(Recorded data)
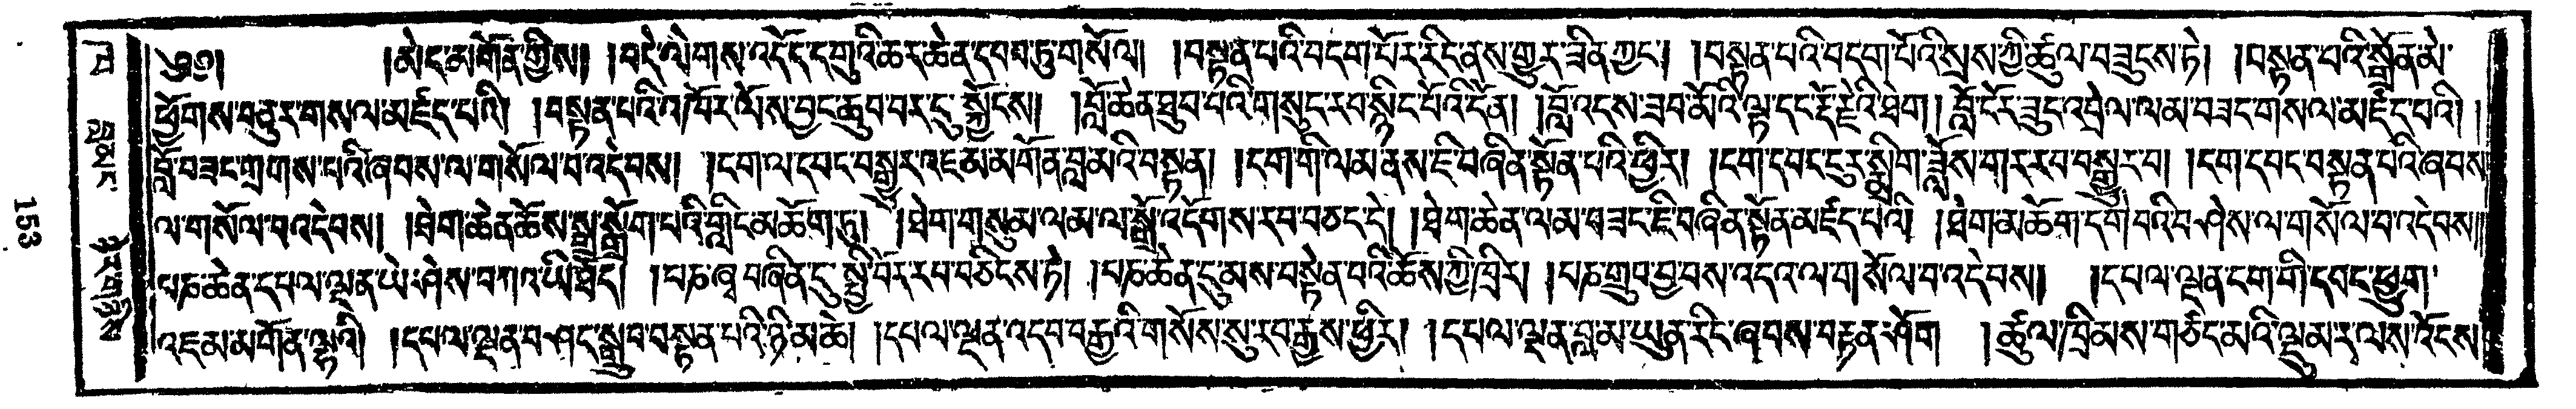༄༅། །མེད་མགོན་གྱིས། །བདེ་ལེགས་འདོད་དགུའི་ཆར་ཆེན་དབབ་ཏུ་གསོལ། །བསྟན་པའི་བདག་པོར་རིང་ནས་གྱུར་ཟིན་ཀྱང་། །བསྟན་པའི་བདག་པོའི་སྲས་ཀྱི་ཚུལ་བཟུངས་ཏེ། །བསྟན་པའི་སྒྲོན་མེ་
ཕྱོགས་བཅུར་གསལ་མཛད་པའི། །བསྟན་པའི་འཁོར་ལོས་བྱང་ཆུབ་བར་དུ་སྐྱོངས། །བློ་ཆེན་ཐུབ་པའི་གསུང་རབ་སྙིང་པོའི་དོན། །བློ་འདས་ཟབ་མོའི་ལྟ་དང་རྡོ་རྗེའི་ཐེག །བློ་ངོར་ཟུང་འབྲེལ་ལམ་བཟང་གསལ་མཛད་པའི། །
བློ་བཟང་གྲགས་པའི་ཞབས་ལ་གསོལ་བ་འདེབས། །ངག་ལ་དབང་བསྒྱུར་འཇམ་མགོན་བླ་མའི་བསྟན། །ངག་གི་ལམ་ནས་ཇི་བཞིན་སྟོན་པའི་ཕྱིར། །ངག་དབང་ངུར་སྨྲིག་ཟློས་གར་རབ་བསྒྱུར་བ། །ངག་དབང་བསྟན་པའི་ཞབས་
ལ་གསོལ་བ་འདེབས། །ཐེག་ཆེན་ཆོས་སྒྲ་སྒྲོག་པའི་གླིང་མཆོག་ཏུ། །ཐེག་གསུམ་ལམ་ལ་སྒྲོ་འདོགས་རབ་བཅད་དེ། །ཐེག་ཆེན་ལམ་བཟང་ཇི་བཞིན་སྟོན་མཛད་པའི། །ཐེག་མཆོག་དགེ་བའི་བཤེས་ལ་གསོལ་བ་འདེབས། །
པཎ་ཆེན་དཔལ་ལྡན་ཡེ་ཤེས་བཀའ་ཡི་ཐོད། །པཎ་ཞྭ་བཞིན་དུ་སྤྱི་བོར་རབ་བཅིངས་ཏེ། །པཎ་ཆེན་དུ་མས་བསྟེན་པའི་ཆོས་ཀྱི་ཁྲིར། །པཎ་གྲུབ་བྱ་བས་འདའ་ལ་གསོལ་བ་འདེབས། །དཔལ་ལྡན་ངག་གི་དབང་ཕྱུག་
འཇམ་མགོན་ལྷའི། །དཔལ་ལྡན་བཤད་སྒྲུབ་བསྟན་པའི་ཉི་མ་ཆེ། །དཔལ་ལྡན་འདབ་བརྒྱའི་གསོས་སུ་རབ་རྒྱས་ཕྱིར། །དཔལ་ལྡན་བླ་མ་ཡུན་རིང་ཞབས་བརྟན་ཤོག །ཚུལ་ཁྲིམས་གཙང་མའི་ལྡུམ་རྭ་ལས་འོངས་

■ **Goal of the exercise**
For this exercise, copy the entries above exactly and skip any picture.

■ **Expected output**
༄༅། །མེད་མགོན་གྱིས། །བདེ་ལེགས་འདོད་དགུའི་ཆར་ཆེན་དབབ་ཏུ་གསོལ། །བསྟན་པའི་བདག་པོར་རིང་ནས་གྱུར་ཟིན་ཀྱང་། །བསྟན་པའི་བདག་པོའི་སྲས་ཀྱི་ཚུལ་བཟུངས་ཏེ། །བསྟན་པའི་སྒྲོན་མེ་
ཕྱོགས་བཅུར་གསལ་མཛད་པའི། །བསྟན་པའི་འཁོར་ལོས་བྱང་ཆུབ་བར་དུ་སྐྱོངས། །བློ་ཆེན་ཐུབ་པའི་གསུང་རབ་སྙིང་པོའི་དོན། །བློ་འདས་ཟབ་མོའི་ལྟ་དང་རྡོ་རྗེའི་ཐེག །བློ་ངོར་ཟུང་འབྲེལ་ལམ་བཟང་གསལ་མཛད་པའི། །
བློ་བཟང་གྲགས་པའི་ཞབས་ལ་གསོལ་བ་འདེབས། །ངག་ལ་དབང་བསྒྱུར་འཇམ་མགོན་བླ་མའི་བསྟན། །ངག་གི་ལམ་ནས་ཇི་བཞིན་སྟོན་པའི་ཕྱིར། །ངག་དབང་ངུར་སྨྲིག་ཟློས་གར་རབ་བསྒྱུར་བ། །ངག་དབང་བསྟན་པའི་ཞབས་
ལ་གསོལ་བ་འདེབས། །ཐེག་ཆེན་ཆོས་སྒྲ་སྒྲོག་པའི་གླིང་མཆོག་ཏུ། །ཐེག་གསུམ་ལམ་ལ་སྒྲོ་འདོགས་རབ་བཅད་དེ། །ཐེག་ཆེན་ལམ་བཟང་ཇི་བཞིན་སྟོན་མཛད་པའི། །ཐེག་མཆོག་དགེ་བའི་བཤེས་ལ་གསོལ་བ་འདེབས། །
པཎ་ཆེན་དཔལ་ལྡན་ཡེ་ཤེས་བཀའ་ཡི་ཐོད། །པཎ་ཞྭ་བཞིན་དུ་སྤྱི་བོར་རབ་བཅིངས་ཏེ། །པཎ་ཆེན་དུ་མས་བསྟེན་པའི་ཆོས་ཀྱི་ཁྲིར། །པཎ་གྲུབ་བྱ་བས་འདའ་ལ་གསོལ་བ་འདེབས། །དཔལ་ལྡན་ངག་གི་དབང་ཕྱུག་
འཇམ་མགོན་ལྷའི། །དཔལ་ལྡན་བཤད་སྒྲུབ་བསྟན་པའི་ཉི་མ་ཆེ། །དཔལ་ལྡན་འདབ་བརྒྱའི་གསོས་སུ་རབ་རྒྱས་ཕྱིར། །དཔལ་ལྡན་བླ་མ་ཡུན་རིང་ཞབས་བརྟན་ཤོག །ཚུལ་ཁྲིམས་གཙང་མའི་ལྡུམ་རྭ་ལས་འོངས་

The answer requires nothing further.